The fact is that there are two ways of cutting the deficit. The Chancellor’s way involves weaker growth, which means lower tax receipts and higher benefit spending. Dragging down aggregate demand—a crucial factor—pulls down growth another notch, and the whole downward spiral starts again. There is a real risk of that happening, because only 6% of the benefit cuts have taken effect; 94% are still to come. Indeed, that is exactly what happened when the ridiculous experiment with expansionary fiscal contraction was tried, twice, during the past 100 years of this country’s history. The Geddes Axe in 1923 and the May Committee in 1931 stifled growth, made unemployment rocket and stalled recovery all the way to the second world war.

The alternative is a jobs and growth strategy, which many Labour Members are continually emphasising. Such a strategy would put the unemployed directly back to work, reduce benefit spending and have a direct impact on growth in a way that quantitative easing and credit easing will never do. The only argument that the Chancellor has used against that proposal is that the bond markets would never stand for a rise in expenditure that increased the deficit.

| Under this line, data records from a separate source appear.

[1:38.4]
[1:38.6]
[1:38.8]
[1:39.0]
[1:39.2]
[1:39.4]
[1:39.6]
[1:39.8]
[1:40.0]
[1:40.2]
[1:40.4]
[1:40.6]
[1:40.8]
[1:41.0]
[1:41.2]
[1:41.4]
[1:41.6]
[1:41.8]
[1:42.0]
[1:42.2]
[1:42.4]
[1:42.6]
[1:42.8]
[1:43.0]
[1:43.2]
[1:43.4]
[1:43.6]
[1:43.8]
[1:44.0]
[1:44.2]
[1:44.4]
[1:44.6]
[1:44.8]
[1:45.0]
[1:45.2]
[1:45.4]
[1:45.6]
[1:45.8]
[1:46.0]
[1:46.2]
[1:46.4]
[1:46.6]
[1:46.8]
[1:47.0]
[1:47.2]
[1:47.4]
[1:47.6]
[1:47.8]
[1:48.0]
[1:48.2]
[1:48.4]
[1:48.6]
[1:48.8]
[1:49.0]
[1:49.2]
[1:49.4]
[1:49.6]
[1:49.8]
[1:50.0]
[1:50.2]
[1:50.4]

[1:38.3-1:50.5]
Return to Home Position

In this Budget, however, it is simply not fiscally neutral to give away £3 billion to the super-rich, when there is not a shred of evidence to support the Treasury myth that tax avoiders will meekly come flooding back home from Bermuda and Monaco to pay their taxes because of a 5p cut. The Chancellor has chosen to give away another £1.5 billion to big business through the 2% cut in corporation tax, although the businesses are already sitting on an unprecedented stash of £700 billion. That equates to half of Britain’s GDP, which they are not spending. Why? Because there is no growth, and no demand in the economy. That £4.5 billion that the Chancellor has wasted on his super-rich friends and businesses could have been used instead, without any disturbance to the bond markets, to generate 250,000 jobs. That could have begun to mark the beginning of the turnaround of the British economy, which everyone, including the City, is now desperate to achieve.

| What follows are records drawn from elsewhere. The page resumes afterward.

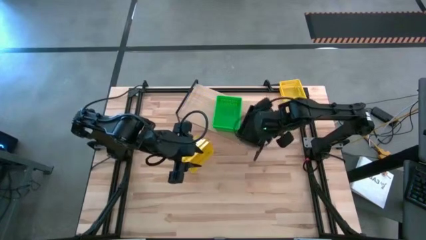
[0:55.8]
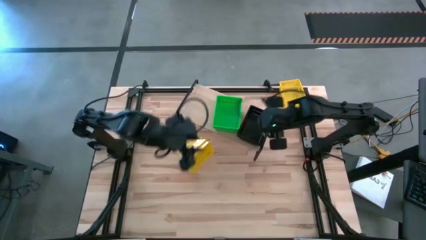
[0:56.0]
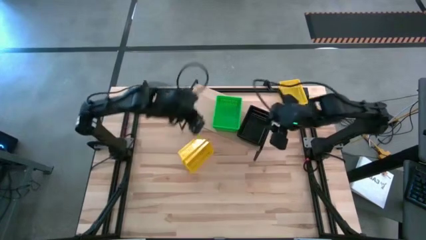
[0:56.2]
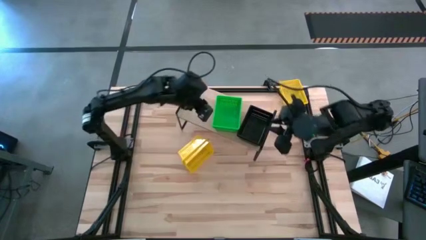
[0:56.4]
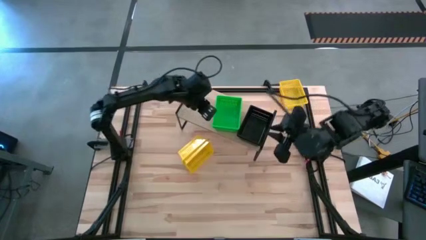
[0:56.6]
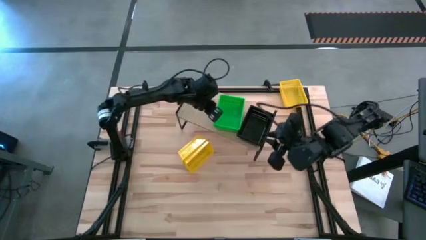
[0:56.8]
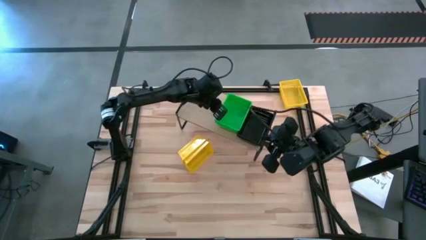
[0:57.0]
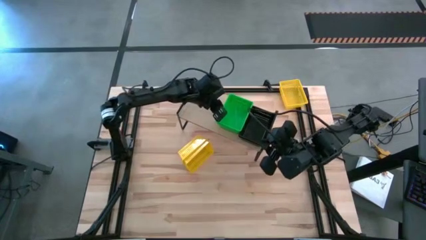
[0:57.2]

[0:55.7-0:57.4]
Task: Stack baskets on shelf by color
Adjust the stacked green bins on the shelf

I want to say one last thing about fairness. Before the election the current Chancellor said that he would not dream of cutting the 50p rate of tax if he expected people to accept a pay freeze in order to protect their jobs, but after the election the façade was dropped. It is not just the common or garden rich earning merely £3,000 a week who will be getting it; it goes right the way up to Bob Diamond on £300,000 a week.